┌─ INPUT FOR THIS TASK
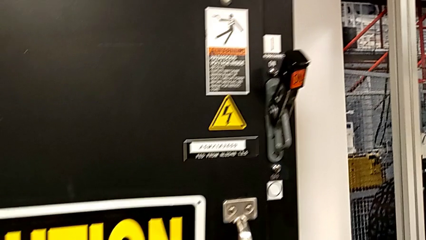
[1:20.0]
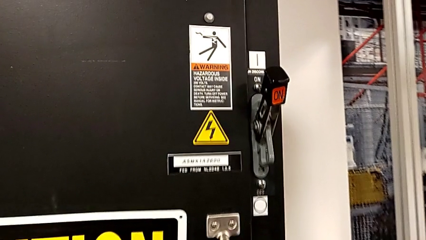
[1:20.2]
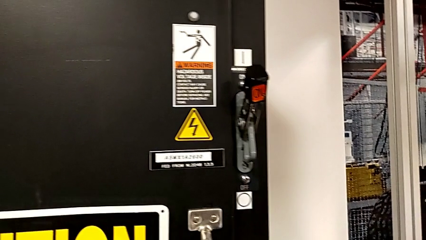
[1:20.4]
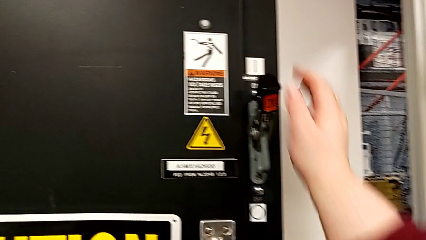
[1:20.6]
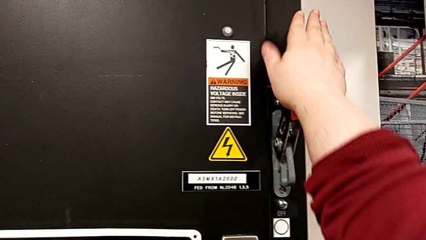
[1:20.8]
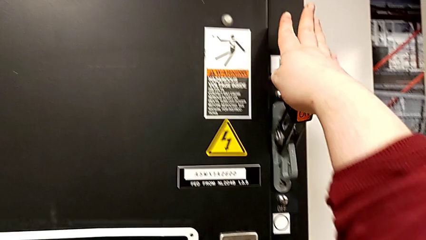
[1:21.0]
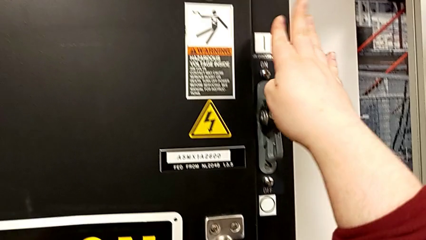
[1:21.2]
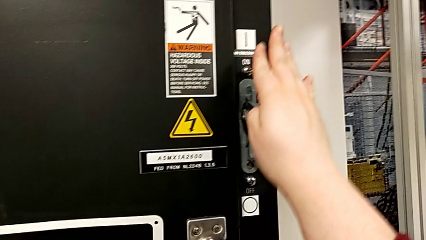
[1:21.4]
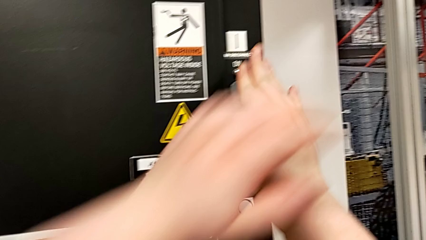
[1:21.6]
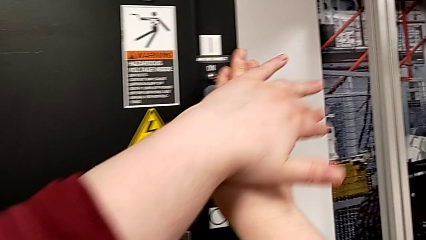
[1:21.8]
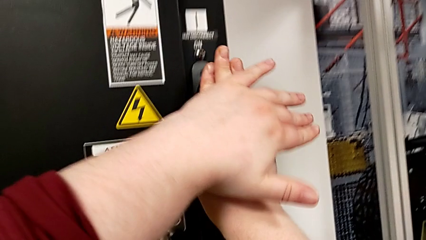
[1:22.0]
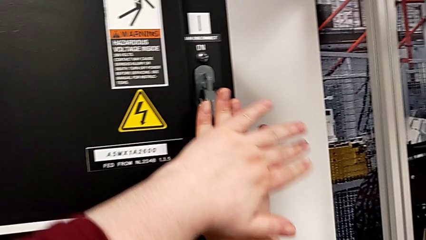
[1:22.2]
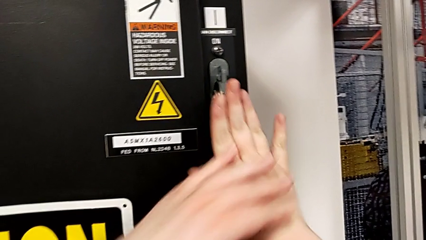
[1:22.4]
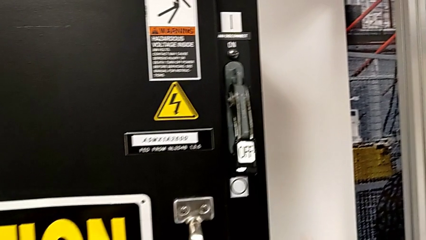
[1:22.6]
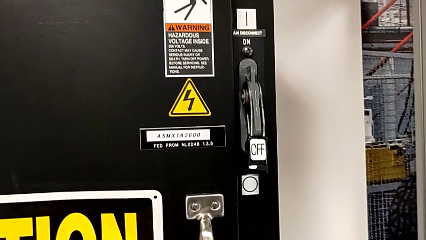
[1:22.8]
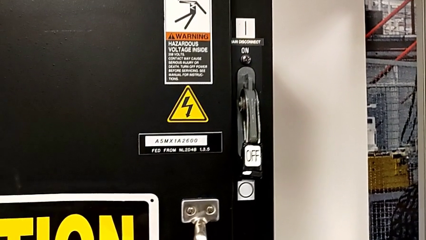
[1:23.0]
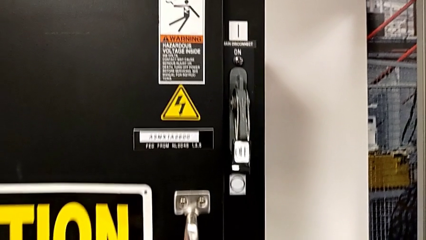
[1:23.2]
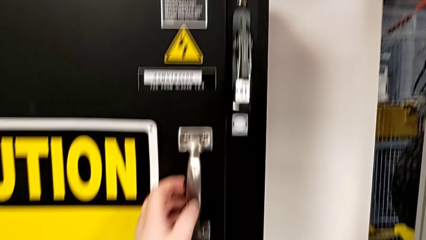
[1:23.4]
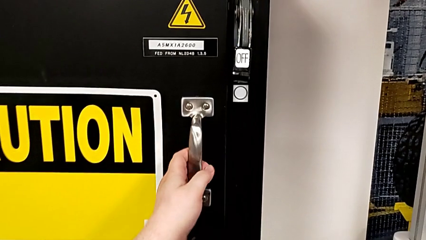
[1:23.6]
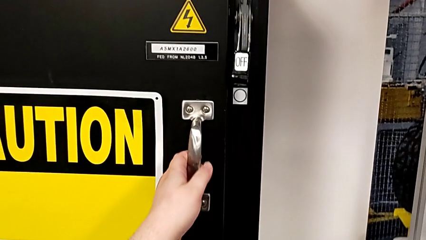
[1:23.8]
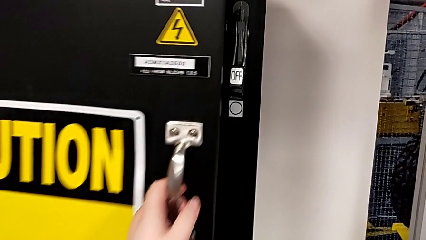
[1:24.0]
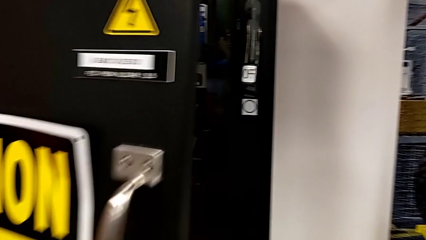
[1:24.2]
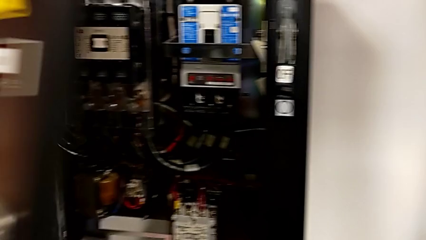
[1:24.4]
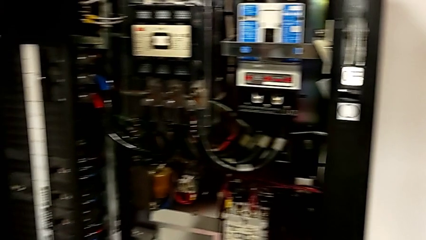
└─
◆ AIM OF THE EXERCISE
Leave every image out, and retype the material exactly.

◆ ANSWER SPACE
[1:20.0]
[1:20.2]
[1:20.4]
[1:20.6]
[1:20.8]
[1:21.0]
[1:21.2]
[1:21.4]
[1:21.6]
[1:21.8]
[1:22.0]
[1:22.2]
[1:22.4]
[1:22.6]
[1:22.8]
[1:23.0]
[1:23.2]
[1:23.4]
[1:23.6]
[1:23.8]
[1:24.0]
[1:24.2]
[1:24.4]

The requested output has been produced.